INFORMATION SUPPLIED →
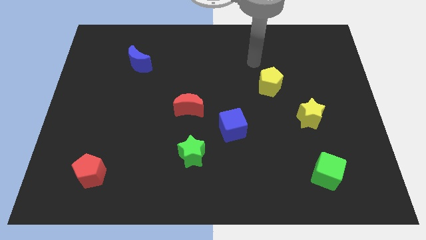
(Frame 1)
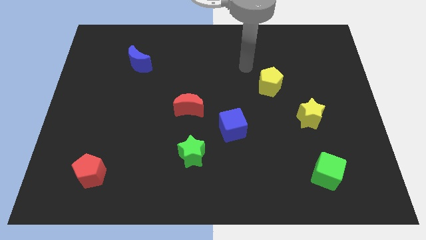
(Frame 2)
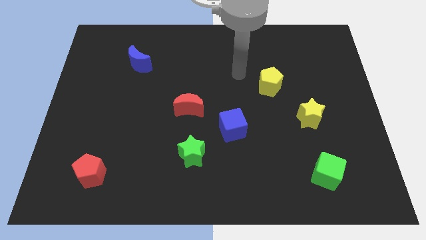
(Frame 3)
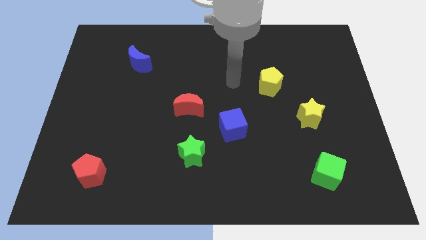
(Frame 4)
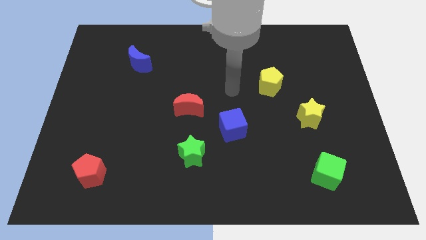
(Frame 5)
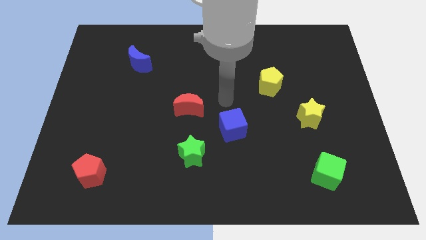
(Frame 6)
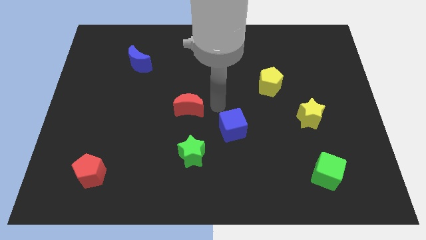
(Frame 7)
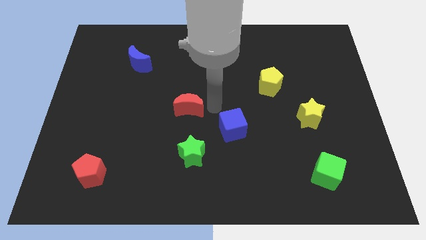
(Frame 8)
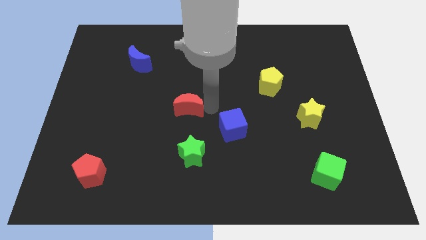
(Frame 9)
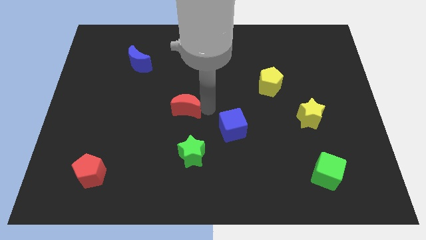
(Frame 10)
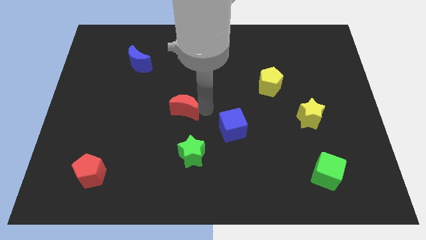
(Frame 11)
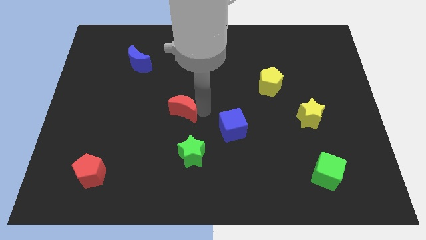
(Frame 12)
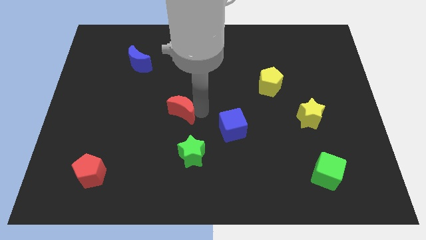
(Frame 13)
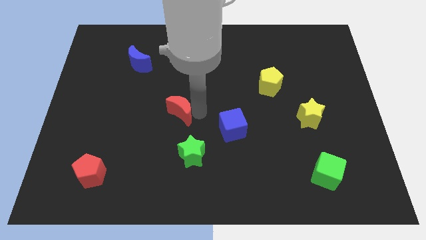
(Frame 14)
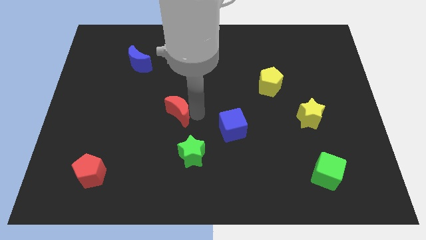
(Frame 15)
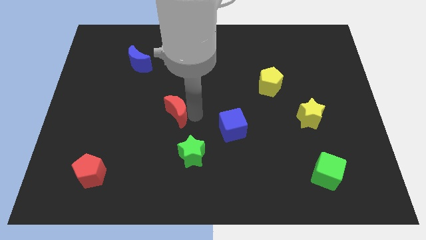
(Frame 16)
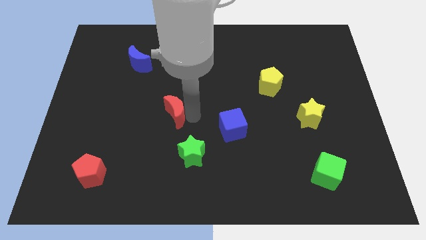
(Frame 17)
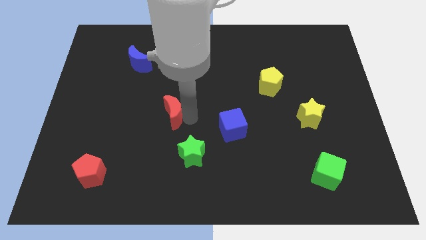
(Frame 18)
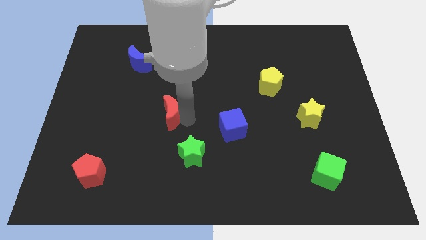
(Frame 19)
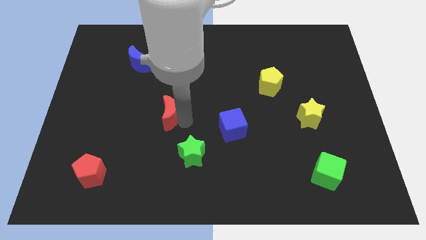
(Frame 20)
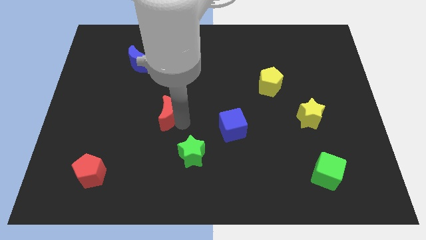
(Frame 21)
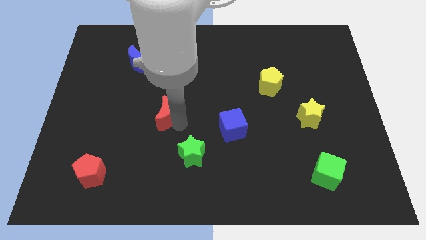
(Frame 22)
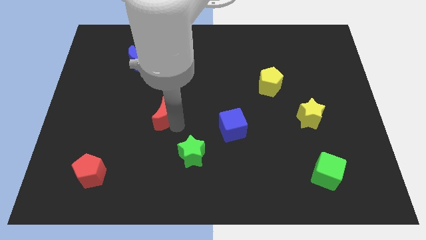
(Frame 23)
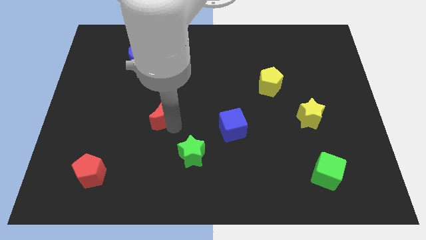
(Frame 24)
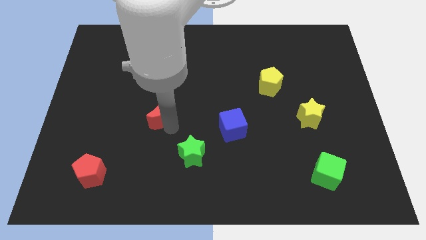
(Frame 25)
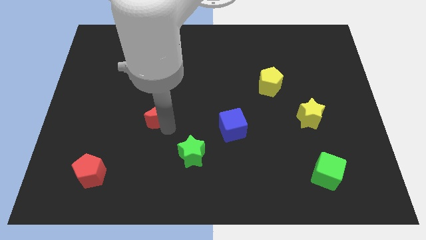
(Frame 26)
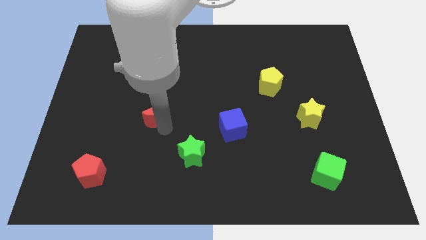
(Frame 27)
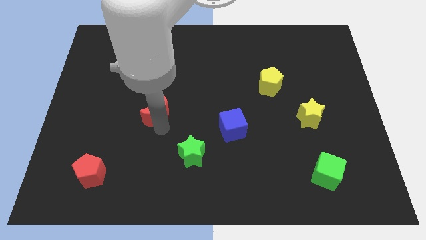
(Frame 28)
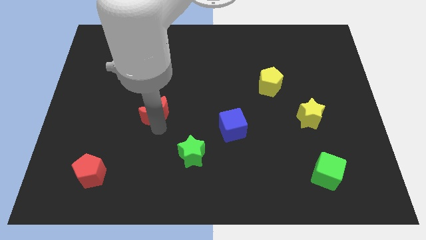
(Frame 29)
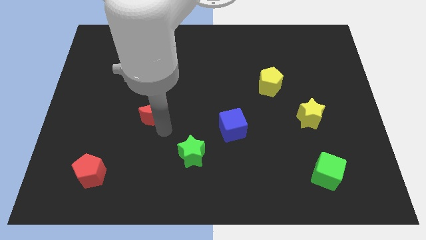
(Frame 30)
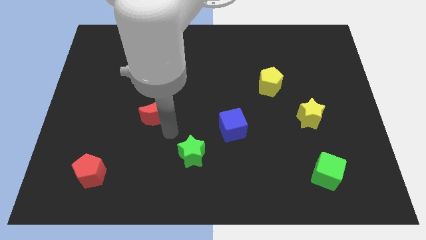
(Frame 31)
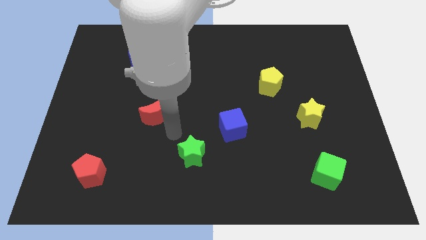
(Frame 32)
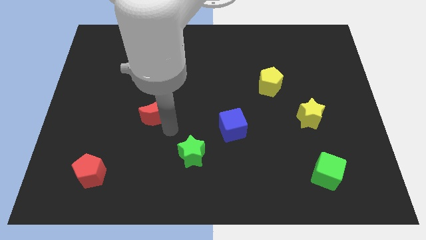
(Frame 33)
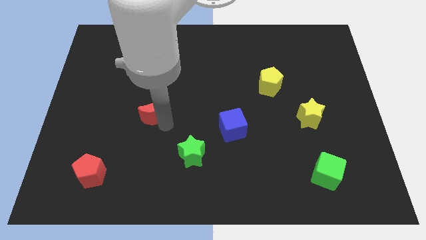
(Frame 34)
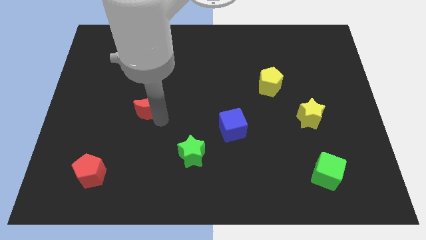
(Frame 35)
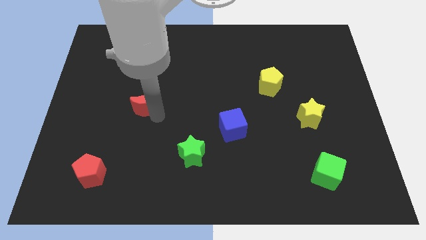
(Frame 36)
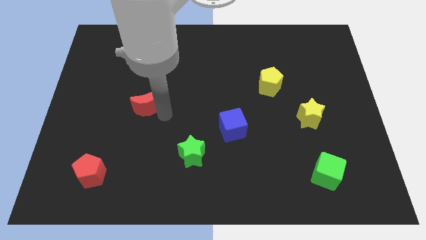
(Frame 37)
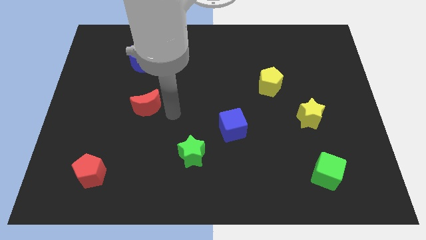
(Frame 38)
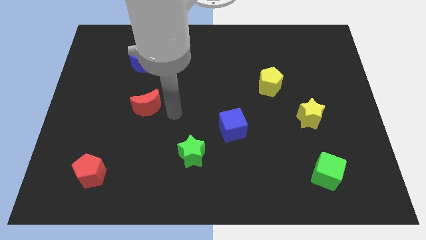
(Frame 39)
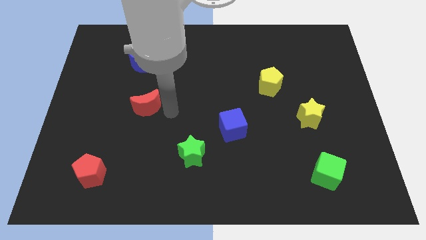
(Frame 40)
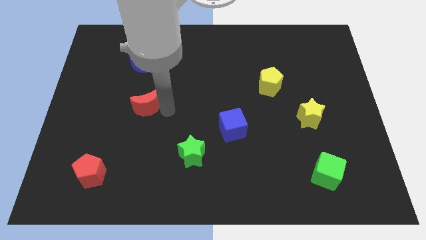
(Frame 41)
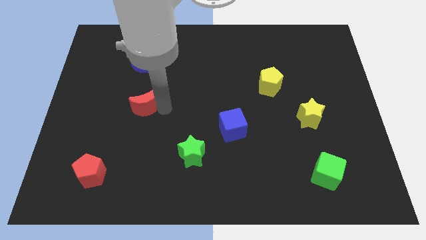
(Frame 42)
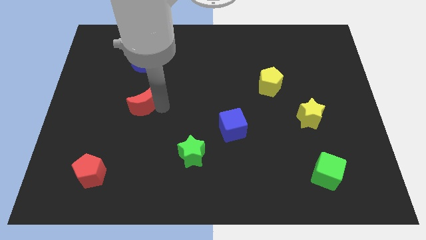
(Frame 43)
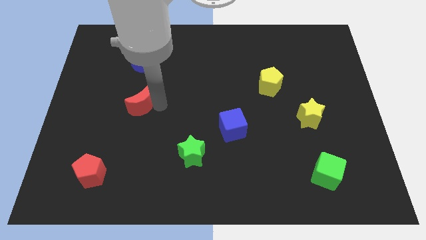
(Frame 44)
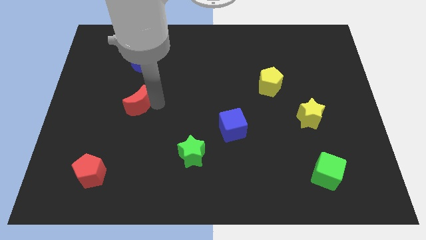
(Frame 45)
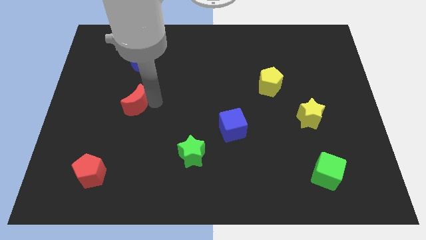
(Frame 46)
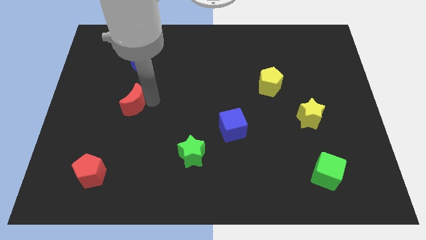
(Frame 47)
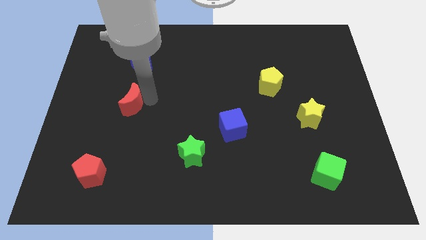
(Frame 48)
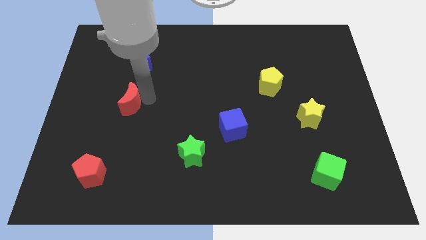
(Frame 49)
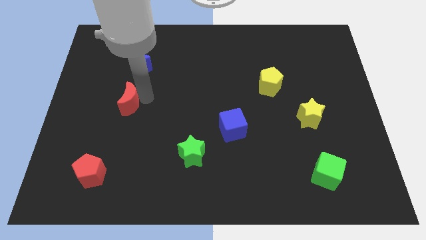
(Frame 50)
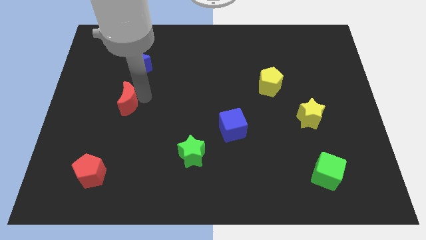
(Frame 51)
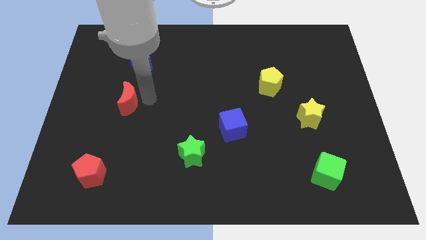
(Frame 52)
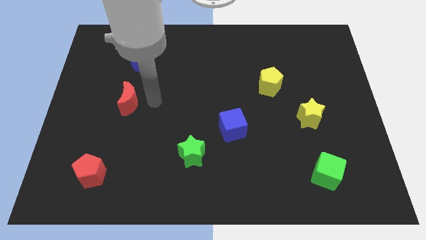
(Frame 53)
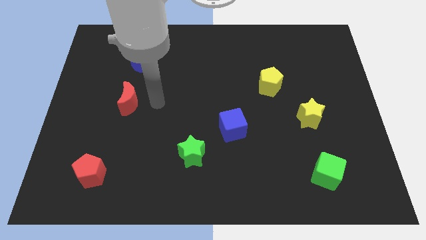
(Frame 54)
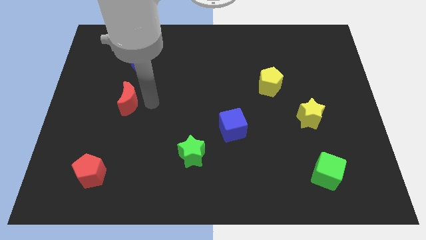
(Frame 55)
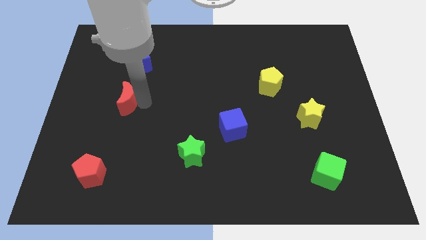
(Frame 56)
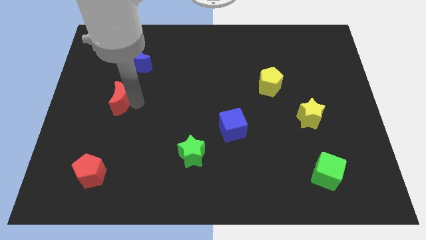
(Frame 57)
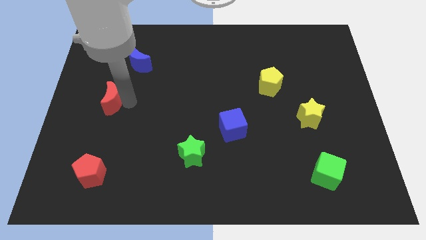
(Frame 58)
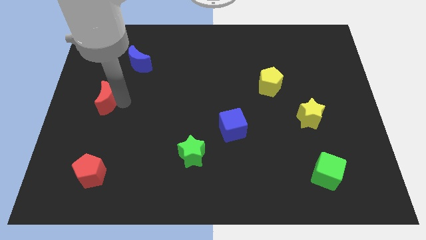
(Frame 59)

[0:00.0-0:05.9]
move the red moon to the left side of the board
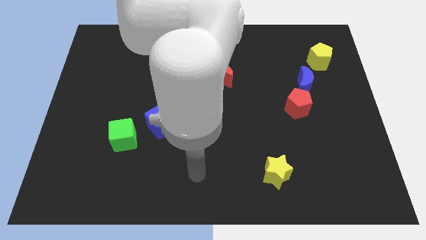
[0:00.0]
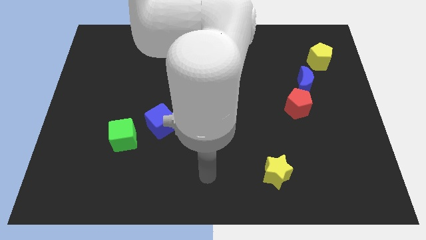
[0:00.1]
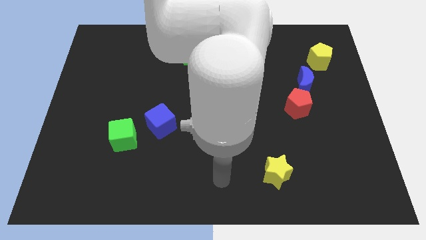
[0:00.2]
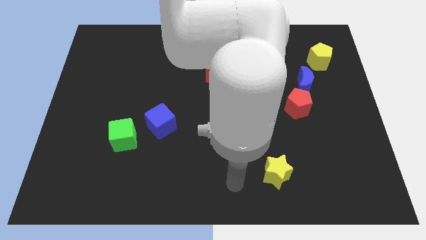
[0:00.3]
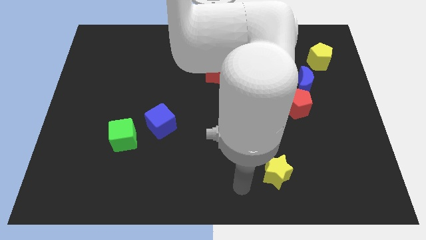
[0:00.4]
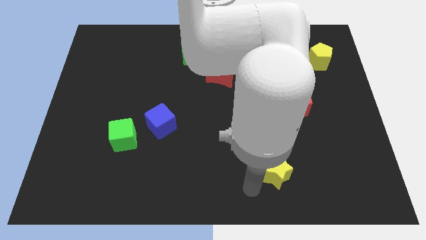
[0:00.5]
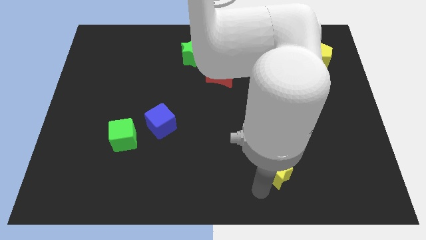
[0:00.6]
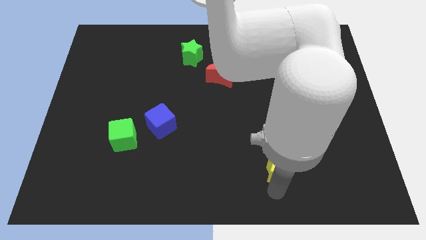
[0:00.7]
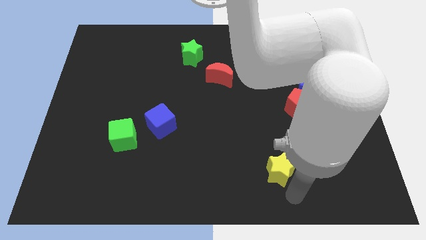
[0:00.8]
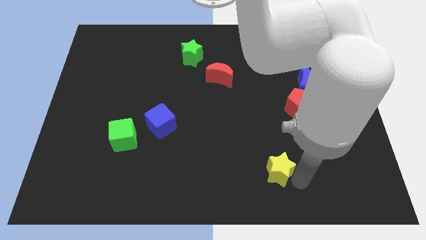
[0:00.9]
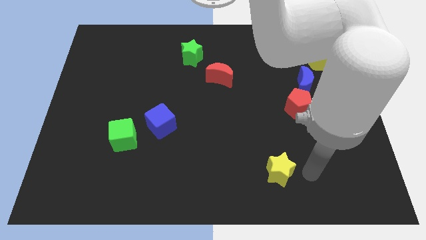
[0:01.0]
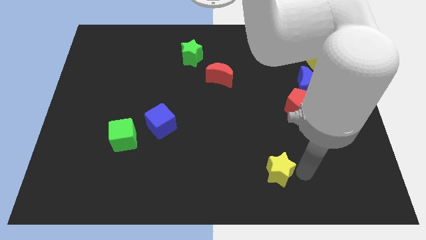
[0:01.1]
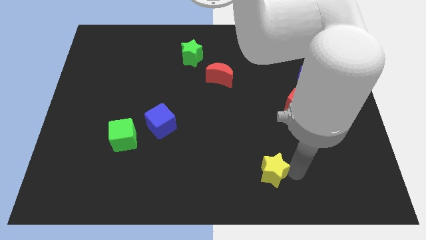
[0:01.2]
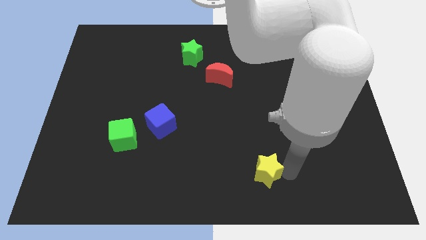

WHAT THE TASK REQUIRES →
Without the pictures, reproduce every record exactly as it appears above.

EXERCISE OUTPUT →
(Frame 1)
(Frame 2)
(Frame 3)
(Frame 4)
(Frame 5)
(Frame 6)
(Frame 7)
(Frame 8)
(Frame 9)
(Frame 10)
(Frame 11)
(Frame 12)
(Frame 13)
(Frame 14)
(Frame 15)
(Frame 16)
(Frame 17)
(Frame 18)
(Frame 19)
(Frame 20)
(Frame 21)
(Frame 22)
(Frame 23)
(Frame 24)
(Frame 25)
(Frame 26)
(Frame 27)
(Frame 28)
(Frame 29)
(Frame 30)
(Frame 31)
(Frame 32)
(Frame 33)
(Frame 34)
(Frame 35)
(Frame 36)
(Frame 37)
(Frame 38)
(Frame 39)
(Frame 40)
(Frame 41)
(Frame 42)
(Frame 43)
(Frame 44)
(Frame 45)
(Frame 46)
(Frame 47)
(Frame 48)
(Frame 49)
(Frame 50)
(Frame 51)
(Frame 52)
(Frame 53)
(Frame 54)
(Frame 55)
(Frame 56)
(Frame 57)
(Frame 58)
(Frame 59)

[0:00.0-0:05.9]
move the red moon to the left side of the board
[0:00.0]
[0:00.1]
[0:00.2]
[0:00.3]
[0:00.4]
[0:00.5]
[0:00.6]
[0:00.7]
[0:00.8]
[0:00.9]
[0:01.0]
[0:01.1]
[0:01.2]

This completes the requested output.